I heard this point made another way: since any operations wowuld not begin to produce for 7 years, movement on this now would not affect the price right now. This is utterly true. But this ban has been in place for 25 years. If someone had the foresight to remove the ban 8 years ago, we would see enough oil on the market to significantly reduce the jitters about having almost no spare production capacity on a global scale right now - which send oil flying up with even the slightest hint of geopolitical tension, something we have right now like a skunk has stink.

Bit where were oil prices 8 years ago? Dirt-cheap. I filled up for as little as 89 cents per gallon in Carson City, 94 cents per gallon in Reno. The American public evidently has an almost infinite capacity for short-sighted thinking, or such statements would be laughed out of the public arena.

Da Vinci

I'll probably end up seeing The Da Vinci Code today, because my roommate and our group will probably want to see it. I think it looks like a rather uninteresting movie (and I think Over the Hedge looks wonderful), but am willing to go along with them because that's the kind of wonderful chap I am... not to mention that anything that could bring up the topic of just who Jesus was is probably worth participating in.

And I wanted to say that I was happy to see C.S. Lewis quoted on a generally very secular libertarian commentary site, here.

I believe "opportunity" is the key word here.

Thursday, May 18, 2006

The Pay Gap

Women earn 75 cents on the dollar compared to men, right? This pay gap is concrete proof of gender discrimination, right?
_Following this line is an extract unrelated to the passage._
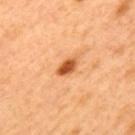The lesion was tiled from a total-body skin photograph and was not biopsied. The patient is a male aged around 50. Approximately 3 mm at its widest. The lesion is located on the back. This is a cross-polarized tile. A roughly 15 mm field-of-view crop from a total-body skin photograph. The lesion-visualizer software estimated an average lesion color of about L≈56 a*≈30 b*≈45 (CIELAB), about 17 CIELAB-L* units darker than the surrounding skin, and a lesion-to-skin contrast of about 10.5 (normalized; higher = more distinct). The software also gave border irregularity of about 2 on a 0–10 scale, a color-variation rating of about 5/10, and radial color variation of about 2. The analysis additionally found a nevus-likeness score of about 95/100 and lesion-presence confidence of about 100/100.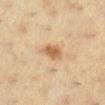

This article does not in and of itself disprove the above statements, but it doesn't reinforce them, either. What it shows is that statistics can be manipulated, and the real world is much more complicated than any headline could ever admit.

Wednesday, May 17, 2006

Marooned

Bart: Where's all the lobsters, mangos, and chewy, chewy coco beans?
Lisa: All we found were these oozing berries, and they look pretty poisonous.
Ralph: I ated the purple berries! Ooooohhhh.... I don't feel good.... [collapses]
Bart: How do they taste, Ralph? Good?
Ralph: They taste like... burning. Ooooohhhh....

--

I love the Sipmsons.

Tuesday, May 16, 2006

Hot Days

I am not a fan of hot days. When one of the girls in the leasing office at my apartments asked what I thought of the weather we've been having, I honestly told her that I'm happy at about 65-70 and the next few months are not my favorites. It was 65 at sunrise when I left for work this morning.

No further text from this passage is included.